2. What is TDS?
TDS is a certain percentage deducted at the time of payment of various such
as Salary, Commission, Rent, Interest on Dividend etc and deducted amount is
remitted to the Government Account. This amount can be adjusted against
tax due.
3. Why TDS?
The concept of TDS envisage the principle of “pay as you earn”. Tax must be
deducted at the time of payment in cash or cheque or credit to the the
payee’s account.
4. Deductor and Deductee
Deductor is a person/company who is liable to deduct the Tax at source, from
payment being made to the party. Deductor is also termed as Employer in
case where the payment are under Salaries.
Deductee is the person, from whom the tax is being deducted or accrued for
deduction is also termed as Employee in cases where the payment are under
Salaries.
5. TDS Rates (under sections)
Sec 192(Salary Income) – No specific rate average rate to be calculated on the
basis of existing slab rate in force.
Sec 194C(Payment/credit to a resident contractor or sub contractor) – 1%(for
HUF individuals) and 2%(for others)
Sec 194I(Rental income received) – 2%(for plant and machinery or
equipments) and 10%(for furniture or fixtures, land and building)
Sec 194Q(Payment/credit pertains to purchase of goods from seller) – 0.1%
aggregate payment/credit during the financial year exceed Rs 50 lakh.
Sec 194J(Professional fees or remunerations to a director) – 10%
6. For Salaries
The income from salaries is required to be computed on estimated basis at
the beginning of each financial year. Income Tax payable on the basis of such
estimated salary income should be deducted at the rate applicable to the
corresponding slab of income every month in equal installment subject to
adjustments depending upon tax saving investments made by the deductee.
7. TDS Rates For Salaries
For Male/Female income For Senior citizens Rates
Between 0 to 1,80,000 Between 0 to 2,50,000 0%
Between 1,80,001 to
5,00,00
Between 2,50,001 to
5,00,000
10%
Between 5,00,001 to
8,00,000
Between 5,00,001 to
8,00,000
20%
Above 8,00,001 Above 8,00,001 30%
8. Tax deduction Number- TAN
All those person who are required to deduct tax at source or collect tax at source
on behalf of income tax department are required to obtain tax deduction
account number or TAN as per the provisions of section 203A of the income-tax
act.
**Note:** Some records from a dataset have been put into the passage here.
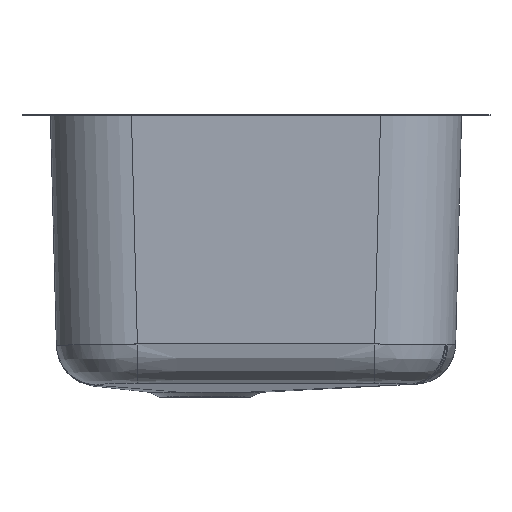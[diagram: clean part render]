
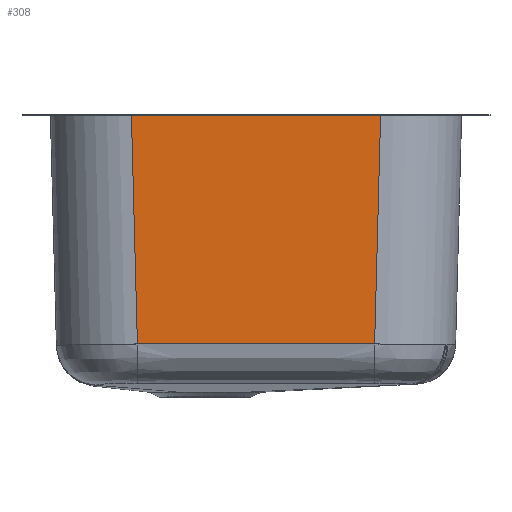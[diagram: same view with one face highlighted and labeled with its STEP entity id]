
A CAD part, left-side view. The second image highlights one B-rep face of the part: STEP entity #308.
In plain terms, the highlighted planar face has unit normal (-1, 0, -0.026).
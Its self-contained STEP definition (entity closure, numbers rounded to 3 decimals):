
#109=B_SPLINE_CURVE_WITH_KNOTS('',3,(#2035,#2036,#2037,#2038,#2039,#2040,
#2041),.UNSPECIFIED.,.F.,.F.,(4,3,4),(0.,0.592,1.),.UNSPECIFIED.);
#308=ADVANCED_FACE('',(#419),#391,.F.);
#391=PLANE('',#1603);
#419=FACE_OUTER_BOUND('',#506,.T.);
#506=EDGE_LOOP('',(#693,#694,#695,#696));
#693=ORIENTED_EDGE('',*,*,#1269,.T.);
#694=ORIENTED_EDGE('',*,*,#1270,.T.);
#695=ORIENTED_EDGE('',*,*,#1271,.T.);
#696=ORIENTED_EDGE('',*,*,#1256,.T.);
#1085=VERTEX_POINT('',#1997);
#1086=VERTEX_POINT('',#1999);
#1097=VERTEX_POINT('',#2034);
#1098=VERTEX_POINT('',#2042);
#1256=EDGE_CURVE('',#1086,#1085,#1480,.T.);
#1269=EDGE_CURVE('',#1085,#1097,#1487,.T.);
#1270=EDGE_CURVE('',#1097,#1098,#109,.T.);
#1271=EDGE_CURVE('',#1098,#1086,#1488,.T.);
#1480=LINE('',#1998,#1544);
#1487=LINE('',#2033,#1551);
#1488=LINE('',#2043,#1552);
#1544=VECTOR('',#1754,1.);
#1551=VECTOR('',#1775,1.);
#1552=VECTOR('',#1776,1.);
#1603=AXIS2_PLACEMENT_3D('',#2044,#1777,#1778);
#1754=DIRECTION('',(0.,1.,0.));
#1775=DIRECTION('',(0.026,-0.026,-0.999));
#1776=DIRECTION('',(-0.026,-0.026,0.999));
#1777=DIRECTION('',(1.,0.,0.026));
#1778=DIRECTION('',(0.026,0.,-1.));
#1997=CARTESIAN_POINT('',(1213.099,838.119,0.));
#1998=CARTESIAN_POINT('',(1213.099,715.091,0.));
#1999=CARTESIAN_POINT('',(1213.099,592.064,0.));
#2033=CARTESIAN_POINT('',(1213.183,838.035,-3.217));
#2034=CARTESIAN_POINT('',(1219.026,832.192,-226.347));
#2035=CARTESIAN_POINT('',(1219.026,832.192,-226.347));
#2036=CARTESIAN_POINT('',(1219.026,785.94,-226.354));
#2037=CARTESIAN_POINT('',(1219.026,739.689,-226.354));
#2038=CARTESIAN_POINT('',(1219.026,693.438,-226.348));
#2039=CARTESIAN_POINT('',(1219.026,661.622,-226.344));
#2040=CARTESIAN_POINT('',(1219.025,629.806,-226.337));
#2041=CARTESIAN_POINT('',(1219.025,597.991,-226.327));
#2042=CARTESIAN_POINT('',(1219.025,597.991,-226.327));
#2043=CARTESIAN_POINT('',(1213.183,592.148,-3.217));
#2044=CARTESIAN_POINT('',(1213.099,715.091,0.));

It is compulsory to quote TAN in TDS return(including any e-TDS return), and
TDS payment challan and TDS certificates. Failure to apply for TAN or comply
with any of the other provisions of the section attracts a penalty of Rs 10,000.
TAN is a 10 digit alpha numeric number ex: BLRBLRBLRR02933A.
After deduction tax, it is required to file quarterly statements of TDS for the
quarters ending on 31st March, 30th June, 31st September, 31st December in each
Financial year.
9. Types of TDS Certificates
Salaries – Form 16: The certificate should be issued certificate containing the
tax computation details and the tax deduction paid details. This refers to the
details submitted over Form 24Q.
Non-salaries – Form 16A: The certificate should be issued in FORM 16A
containing the tax deducted paid details. Separate certificates should be
prepared for each section. This refers to the details submitted over Form 26Q
and 27Q.
10. Advantages of TDS
It facilitates sharing of responsibilities of tax collection between the deductor
and the tax administration.
It ensures regular inflow of cash resources to the Government.
It acts as a powerful instrument to prevent tax evasion as well as expands the
tax net.
This is designed to make the tax administration more effective, furnishing of
return convenient, reduce compliance cost and bring greater transparency.